== Segment start ==
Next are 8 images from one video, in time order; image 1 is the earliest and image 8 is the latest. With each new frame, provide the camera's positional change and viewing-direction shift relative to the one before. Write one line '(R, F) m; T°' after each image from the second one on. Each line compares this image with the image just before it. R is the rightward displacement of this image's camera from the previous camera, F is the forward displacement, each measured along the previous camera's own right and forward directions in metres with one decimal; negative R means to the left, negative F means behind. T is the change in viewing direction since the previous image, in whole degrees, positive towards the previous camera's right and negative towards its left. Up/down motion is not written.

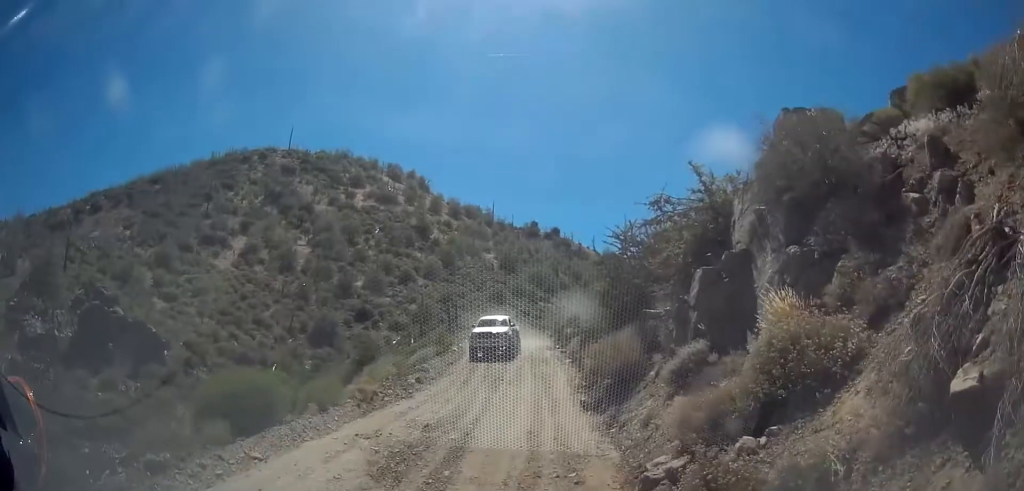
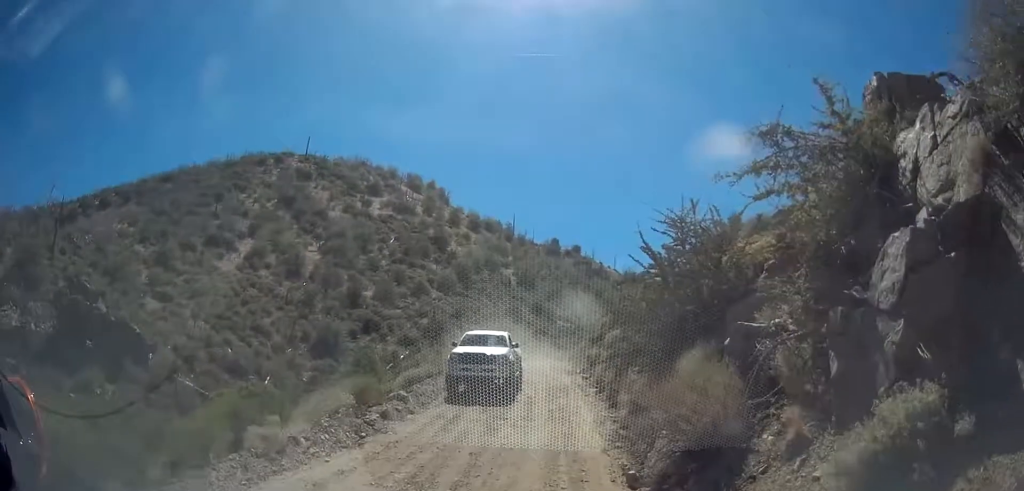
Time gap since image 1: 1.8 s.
(-0.1, +5.2) m; 0°
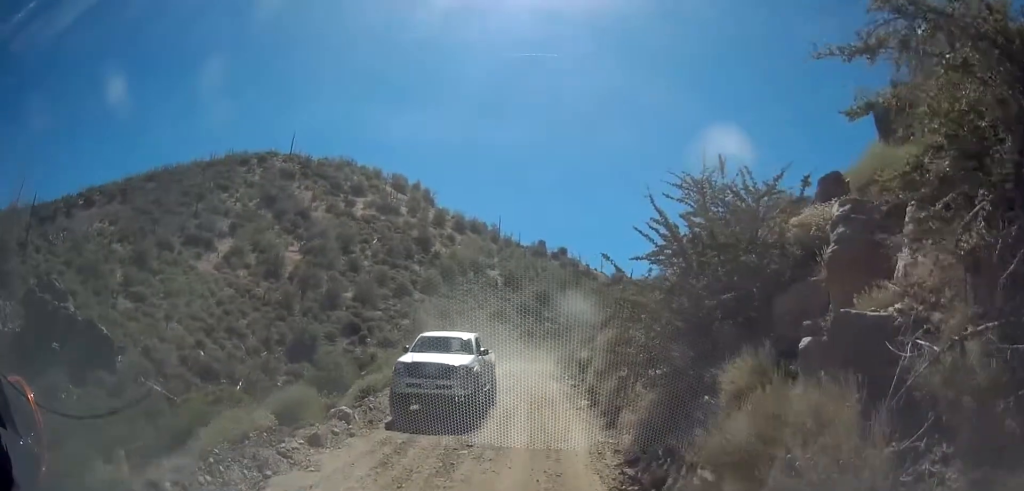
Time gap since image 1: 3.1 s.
(0.0, +3.1) m; -3°
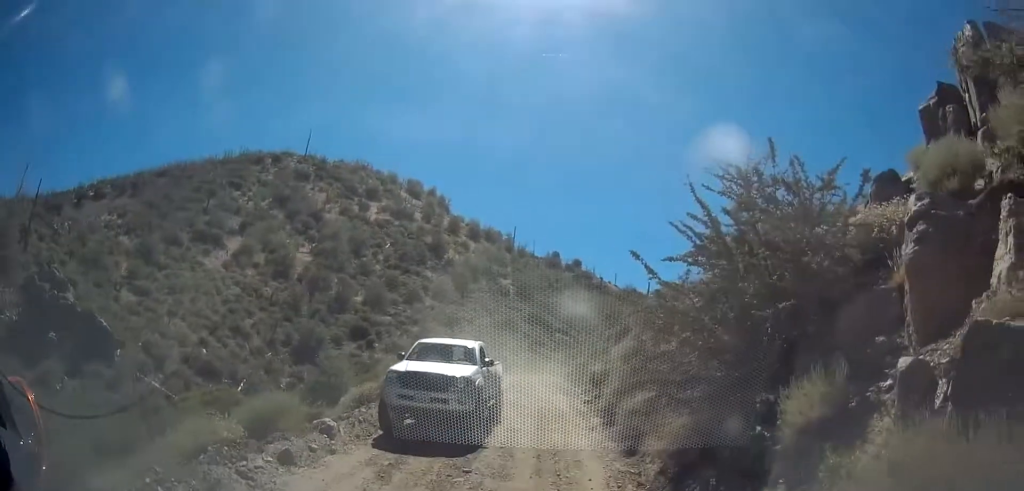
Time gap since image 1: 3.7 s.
(0.0, +1.4) m; 0°
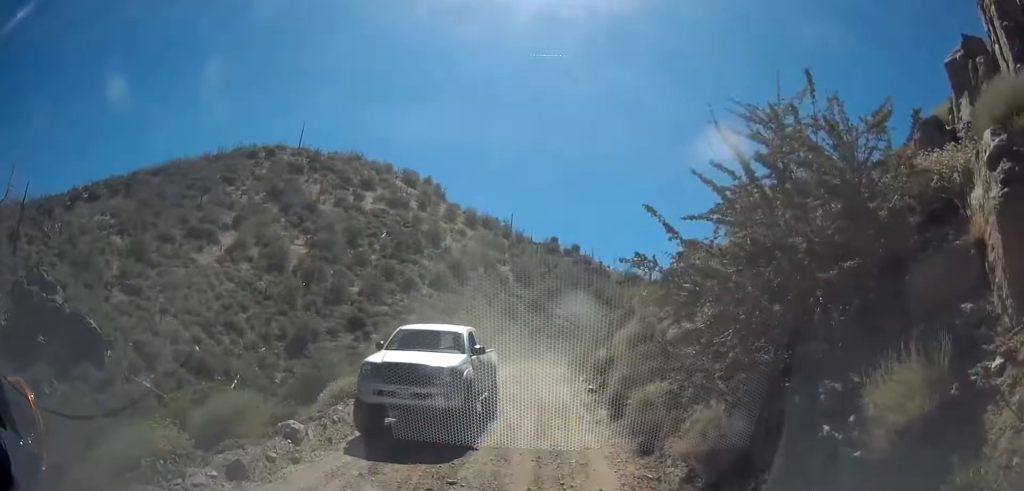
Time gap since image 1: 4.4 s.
== Segment end ==
Problem description: Omit the pictures. Transcribe word for word the lines from the one containing "Time gap since image 1: 1.8 s." through the end of the listing, inclusive.

Your solution:
Time gap since image 1: 1.8 s.
(-0.1, +5.2) m; 0°
Time gap since image 1: 3.1 s.
(0.0, +3.1) m; -3°
Time gap since image 1: 3.7 s.
(0.0, +1.4) m; 0°
Time gap since image 1: 4.4 s.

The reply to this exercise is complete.